## TASK OBJECTIVE:
As you restate the entries, keep every word intact and leave out whatever images they hold.
+ + +
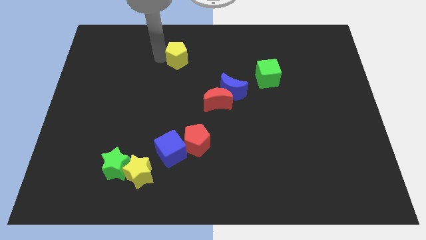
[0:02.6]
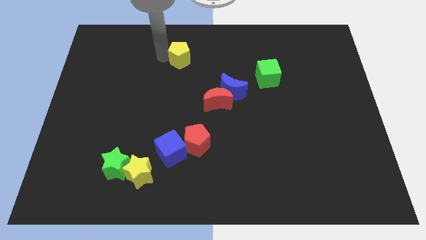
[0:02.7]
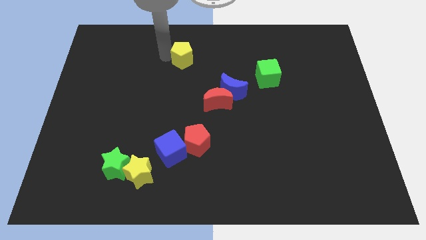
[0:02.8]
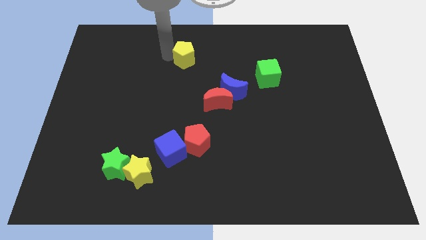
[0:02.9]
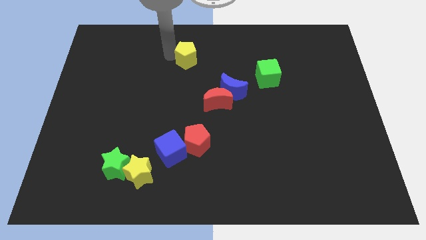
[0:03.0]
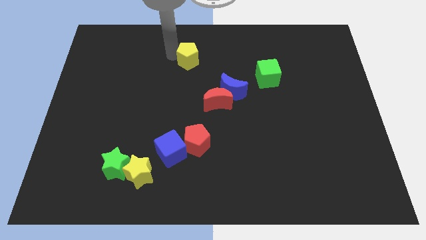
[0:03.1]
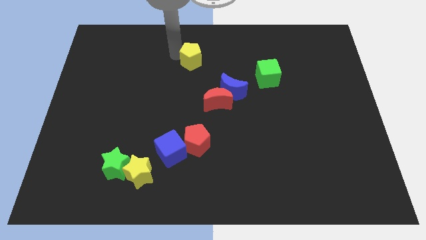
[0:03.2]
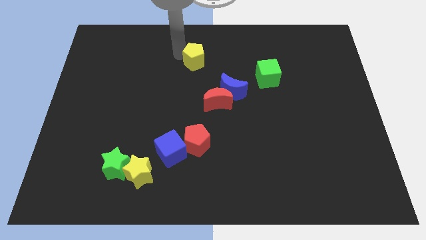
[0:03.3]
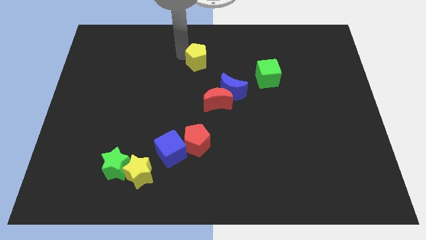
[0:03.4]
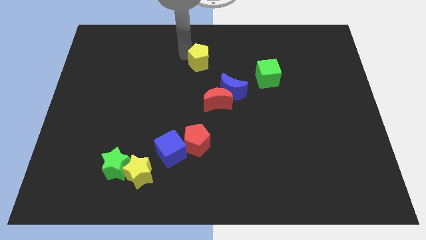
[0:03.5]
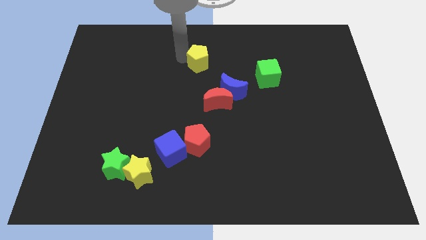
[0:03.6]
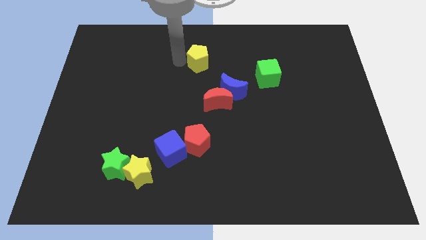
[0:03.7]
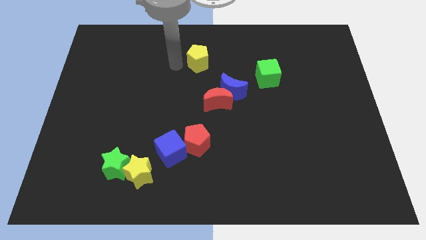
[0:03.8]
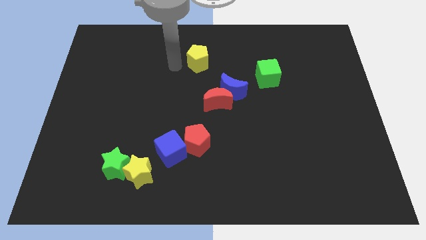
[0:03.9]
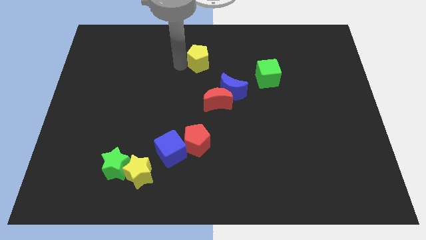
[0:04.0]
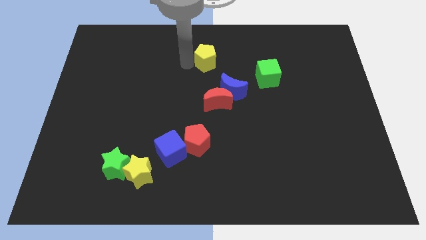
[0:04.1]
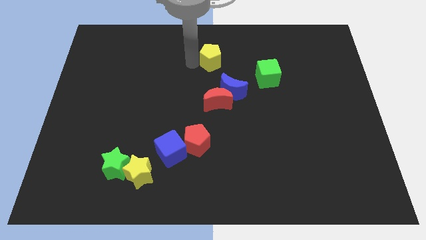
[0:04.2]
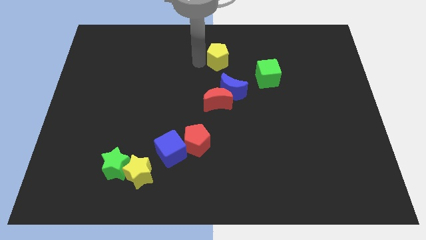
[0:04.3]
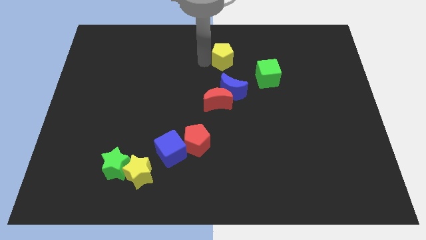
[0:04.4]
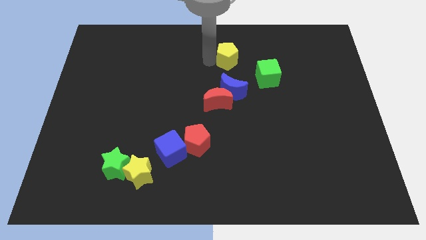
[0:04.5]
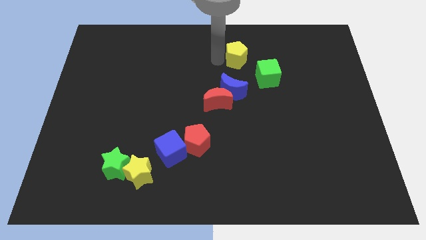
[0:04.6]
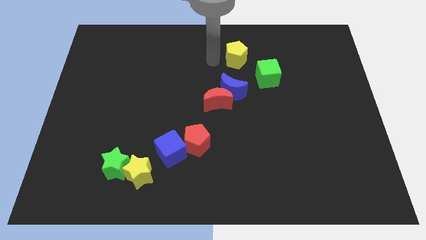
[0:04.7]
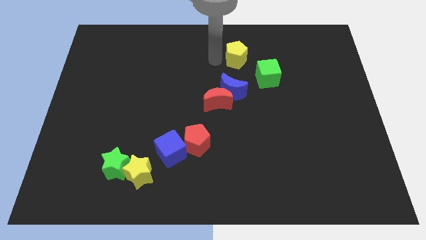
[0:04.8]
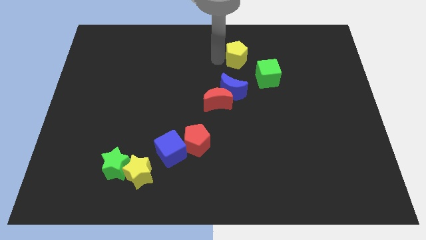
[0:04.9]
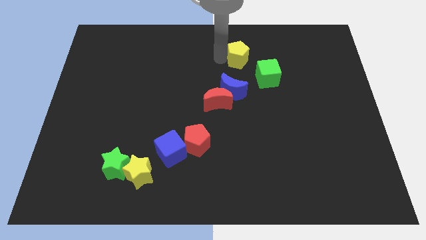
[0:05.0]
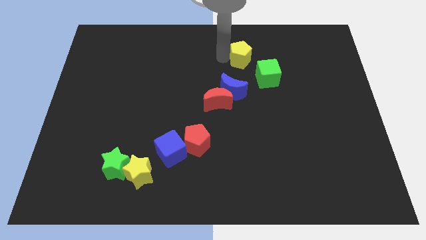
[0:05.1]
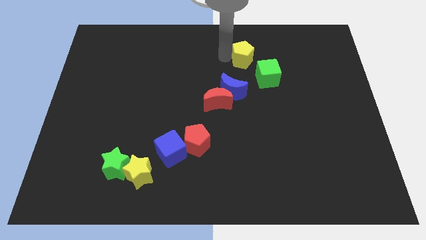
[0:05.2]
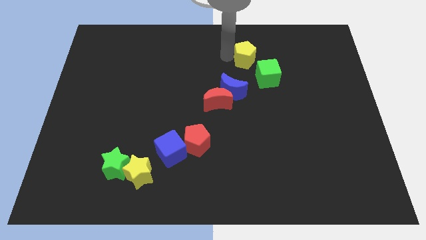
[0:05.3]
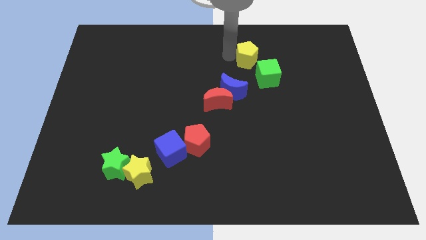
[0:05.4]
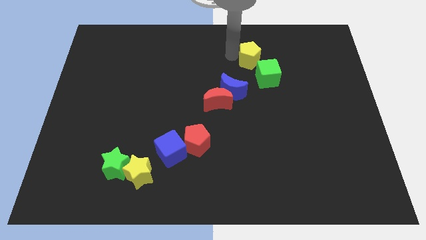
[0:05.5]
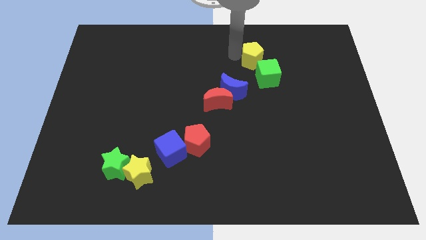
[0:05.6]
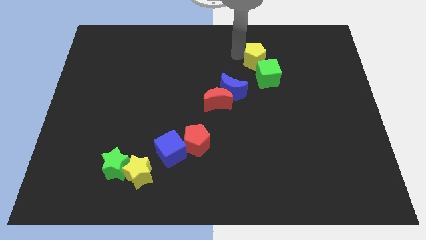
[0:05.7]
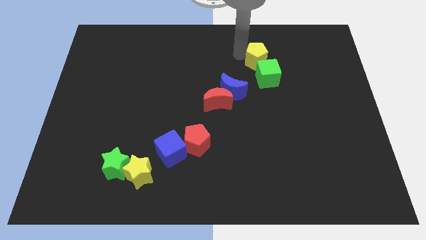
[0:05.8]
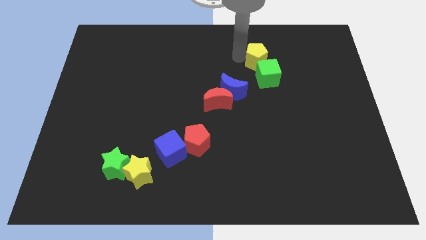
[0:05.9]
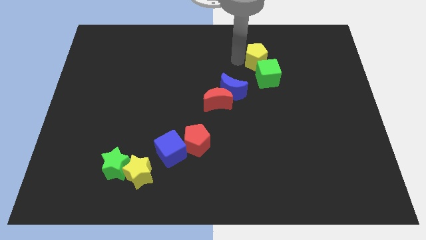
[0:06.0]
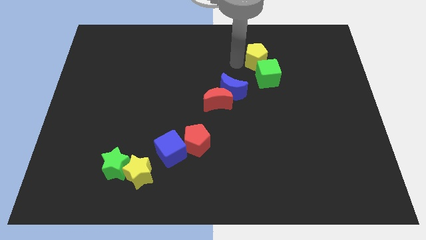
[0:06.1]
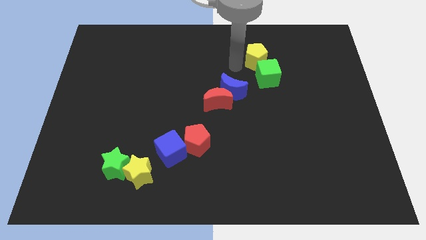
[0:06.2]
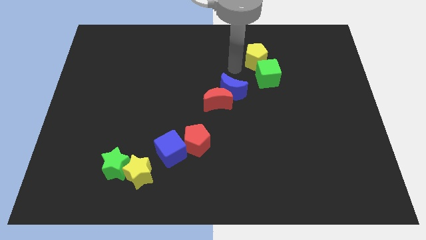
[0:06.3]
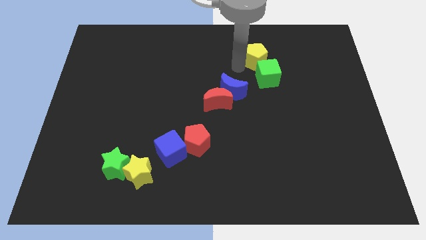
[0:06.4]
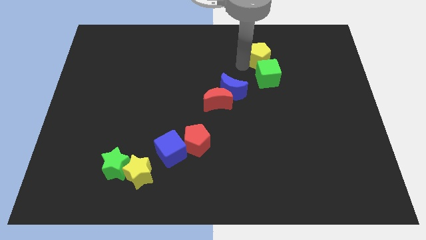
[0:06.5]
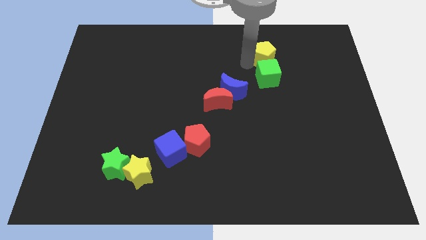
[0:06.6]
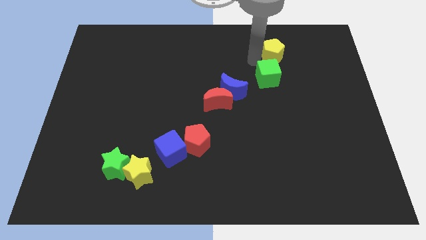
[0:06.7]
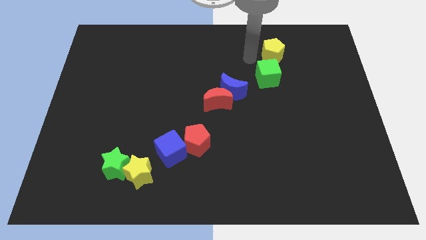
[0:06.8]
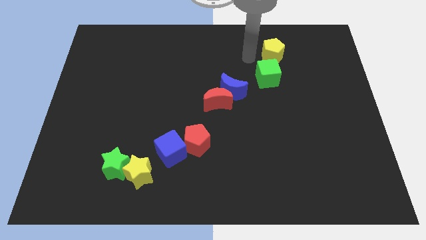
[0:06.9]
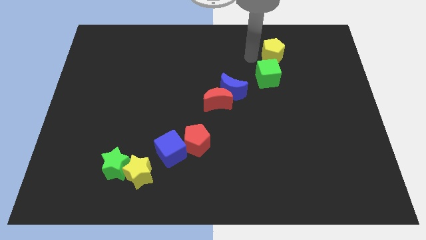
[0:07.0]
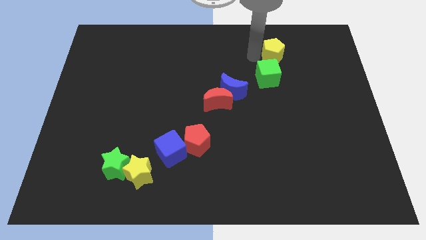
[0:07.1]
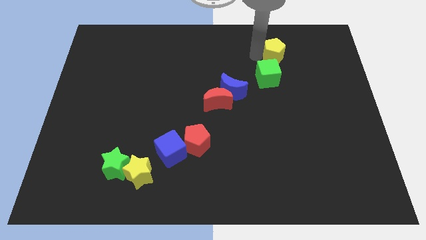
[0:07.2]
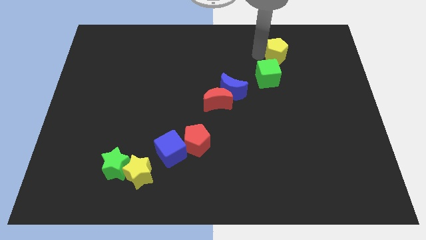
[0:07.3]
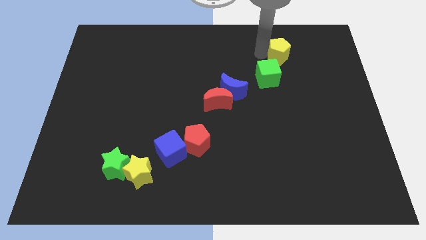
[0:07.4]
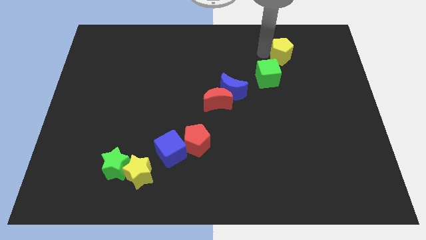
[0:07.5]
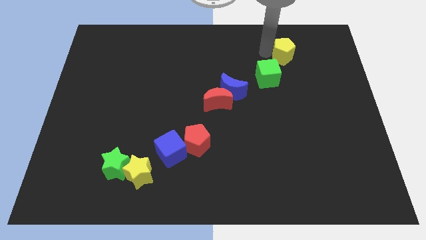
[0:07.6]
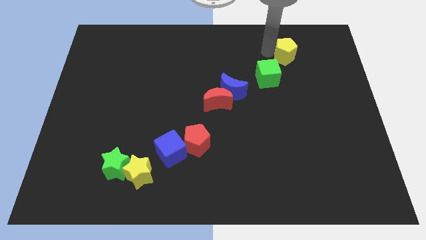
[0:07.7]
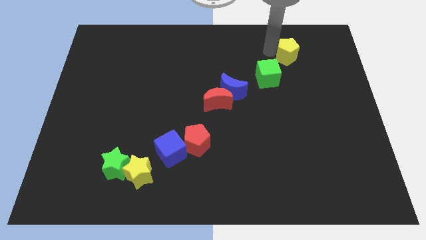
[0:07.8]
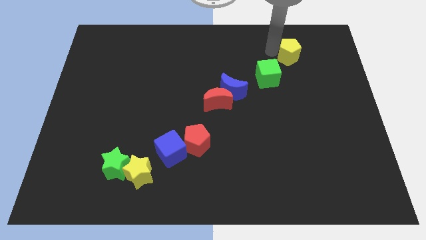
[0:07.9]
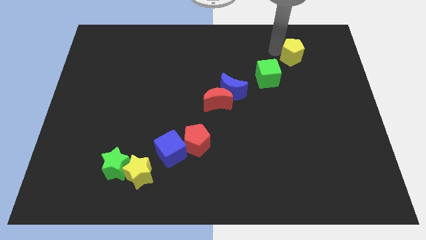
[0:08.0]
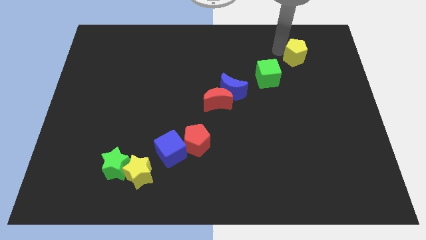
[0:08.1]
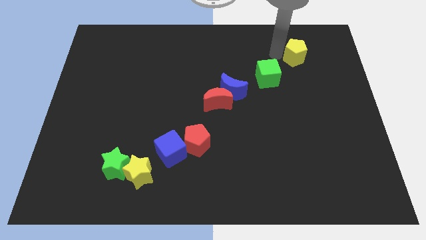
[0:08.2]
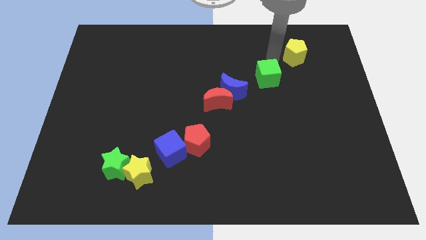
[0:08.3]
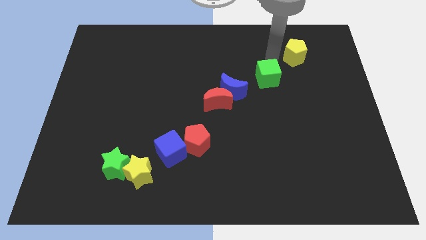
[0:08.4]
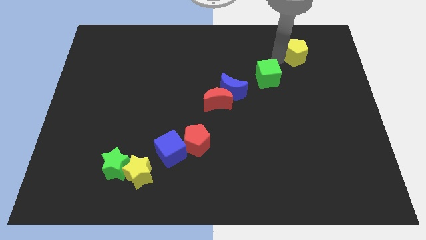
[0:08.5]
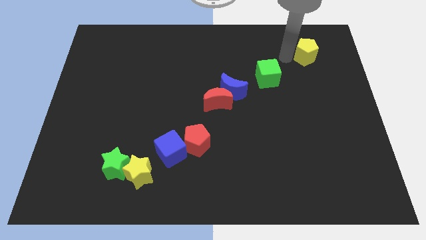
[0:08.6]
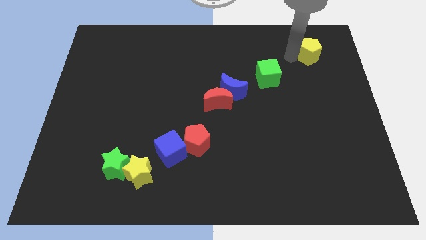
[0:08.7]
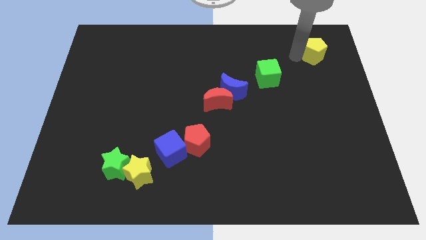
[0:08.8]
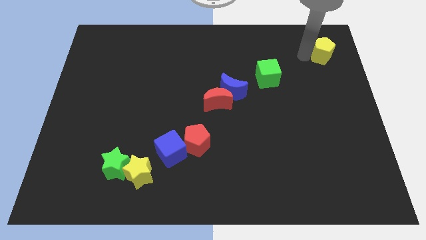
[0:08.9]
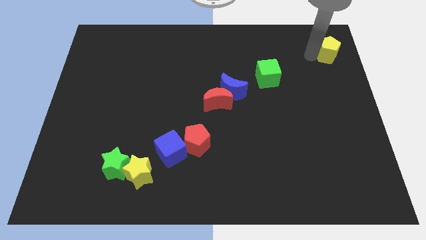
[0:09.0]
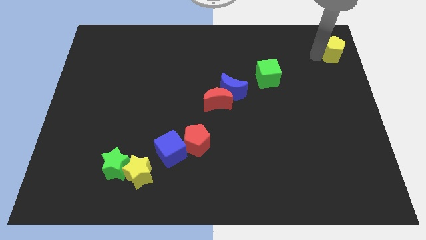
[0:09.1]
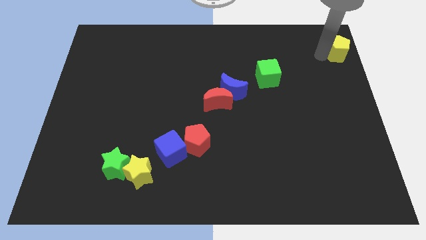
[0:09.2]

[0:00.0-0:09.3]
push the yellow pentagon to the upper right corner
+ + +
## WRITTEN REPLY:
[0:02.6]
[0:02.7]
[0:02.8]
[0:02.9]
[0:03.0]
[0:03.1]
[0:03.2]
[0:03.3]
[0:03.4]
[0:03.5]
[0:03.6]
[0:03.7]
[0:03.8]
[0:03.9]
[0:04.0]
[0:04.1]
[0:04.2]
[0:04.3]
[0:04.4]
[0:04.5]
[0:04.6]
[0:04.7]
[0:04.8]
[0:04.9]
[0:05.0]
[0:05.1]
[0:05.2]
[0:05.3]
[0:05.4]
[0:05.5]
[0:05.6]
[0:05.7]
[0:05.8]
[0:05.9]
[0:06.0]
[0:06.1]
[0:06.2]
[0:06.3]
[0:06.4]
[0:06.5]
[0:06.6]
[0:06.7]
[0:06.8]
[0:06.9]
[0:07.0]
[0:07.1]
[0:07.2]
[0:07.3]
[0:07.4]
[0:07.5]
[0:07.6]
[0:07.7]
[0:07.8]
[0:07.9]
[0:08.0]
[0:08.1]
[0:08.2]
[0:08.3]
[0:08.4]
[0:08.5]
[0:08.6]
[0:08.7]
[0:08.8]
[0:08.9]
[0:09.0]
[0:09.1]
[0:09.2]

[0:00.0-0:09.3]
push the yellow pentagon to the upper right corner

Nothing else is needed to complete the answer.